But the Chinese government isn't a fan of Bitcoin, for a few reasons, and it appears that a shutdown of mining operations is imminent. In view of the looming state crackdown on their business, some of the largest bitcoin miners have made a decision to shift their operations overseas, Bloomberg reports.
One ideal example moving out of China is Bitmain which has been running the two largest Bitcoin mining centers.
Other Chinese companies moving from china are BTC.Top which is the third biggest mining pool which is already opening a facility in Canada while 4th ranked ViaBTC already has operations in America and Iceland.
As we reported this past weekend, the People's Bank of China (PBOC) is rumored to be discussing a power cut for Bitcoin miners.

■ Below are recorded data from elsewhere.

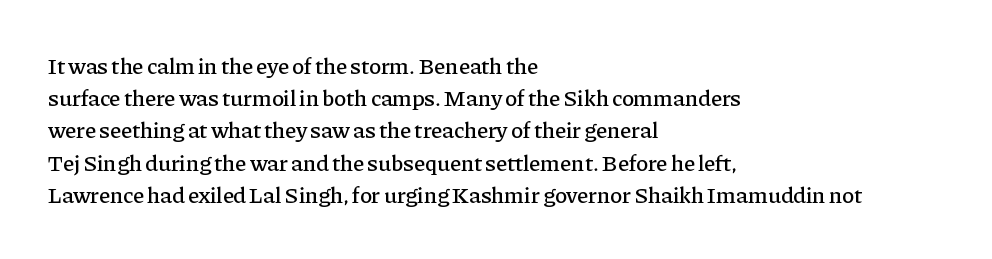
Does the leading feel generous? No, just average. The paragraph shown leans on its left margin. The string is rendered with underlining switched off. Here the glyphs are tracked normally, forming tight word shapes. The font's upright variant was chosen for this text.
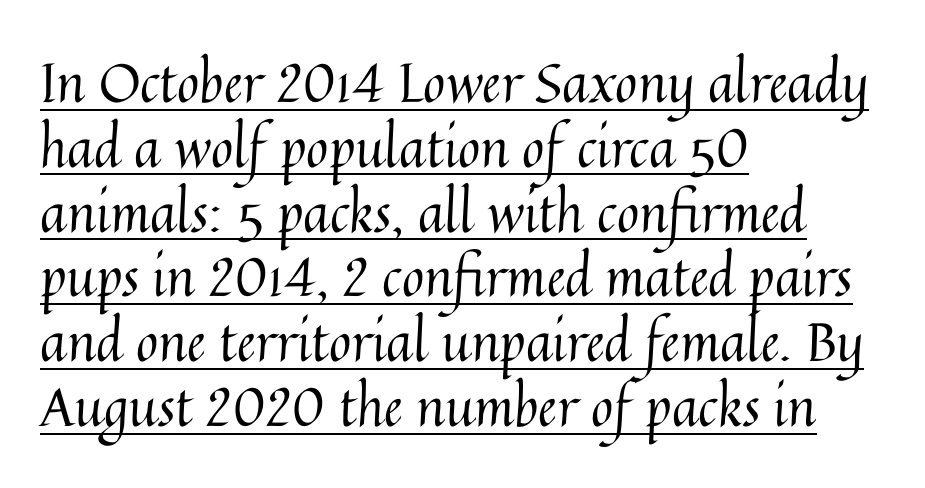
The face used here is proportionally spaced, like ordinary book or web type. This is not heavy type; no bold has been used. Horizontal alignment here is leftward, the default for most running prose. A typesetter would call this zero additional tracking.
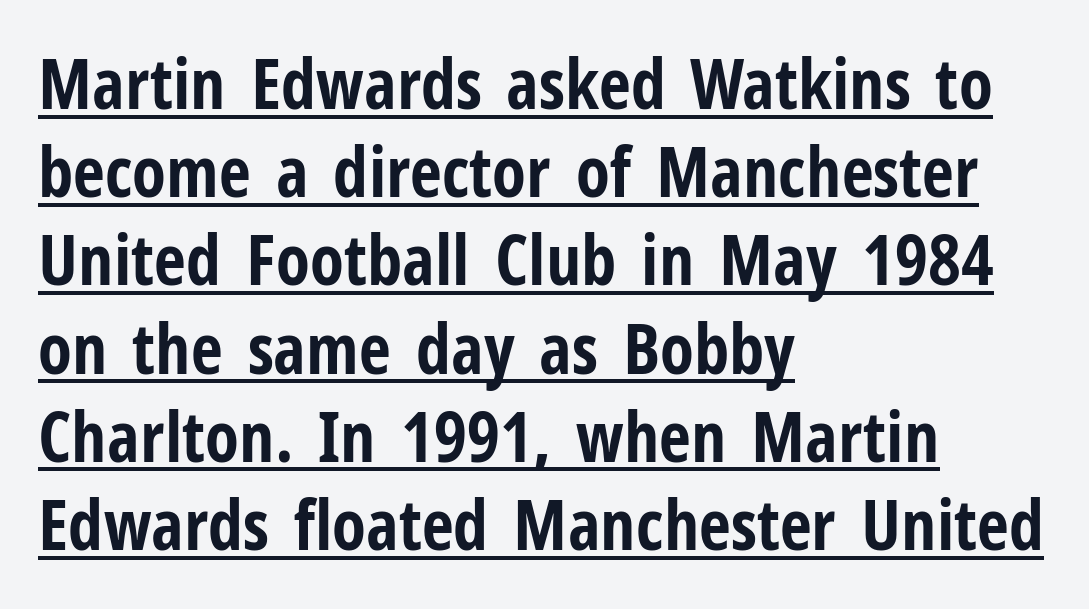
Q: Is the text bold? A: Yes.
Q: Is the text italic (slanted)? A: No, it is upright.
Q: Is the typeface a serif or a sans-serif typeface? A: Sans-serif.
Q: Is the text underlined? A: Yes.
Q: How is the paragraph aligned? A: Left-aligned.
Q: Is the spacing between letters normal or unusually wide? A: Normal.
Q: Is the spacing between lines tight, normal or loose? A: Normal.
Q: Width (condensed, normal, or wide)? A: Condensed.
Q: Stroke contrast? A: Low.
Q: x-height? A: Medium.
Q: Monospaced? A: No.
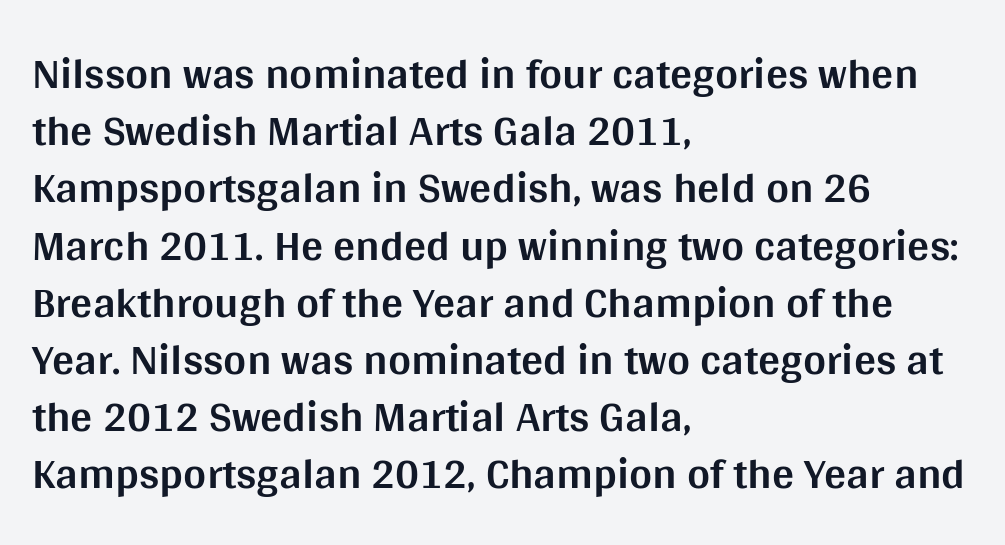
Q: Is the text bold? A: Yes.
Q: Is the text italic (slanted)? A: No, it is upright.
Q: Is the typeface a serif or a sans-serif typeface? A: Sans-serif.
Q: Is the text underlined? A: No.
Q: How is the paragraph aligned? A: Left-aligned.
Q: Is the spacing between letters normal or unusually wide? A: Normal.
Q: Is the spacing between lines tight, normal or loose? A: Normal.
Q: Width (condensed, normal, or wide)? A: Normal.
Q: Stroke contrast? A: Medium.
Q: x-height? A: Large.
Q: Monospaced? A: No.
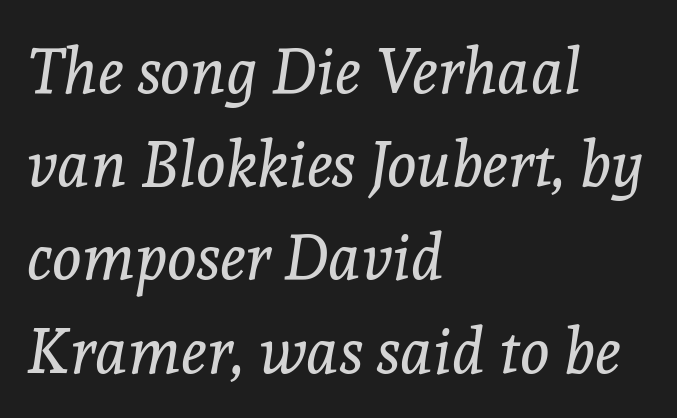
Here the glyphs are tracked normally, forming tight word shapes. You could not count columns in this text — the font is proportionally spaced. Type without underlining. Each line starts at the same left margin while the right side varies.

The computing process that completes transactions and creates new crypto-tokens requires vast amounts of electricity - between 8.27 terawatt-hours a year and 37.22 TWh a year - almost the amount used in Estonia or Peru, Bloomberg said. Bitcoin miners have taken advantage of cheap power in coal-abundant areas like Xinjiang and Inner Mongolia in recent years to expand their operations.
"We chose Canada because of the relatively cheap cost, and the stability of the country and policies", Jiang Zhuoer, founder of BTC.Top, told Bloomberg, adding that Iran and Russian Federation are two other possible options.
While the complete ramifications of such an action are not totally clear, the pending action is indicative of China's hard line it has chosen when dealing with cryptocurrencies in general and its ban on initial coin offerings that roiled the industry not too long ago. According to a leaked document to the internet-finance regulator, they are requiring local authorities to guide bitcoin miners to exit from the business of mining.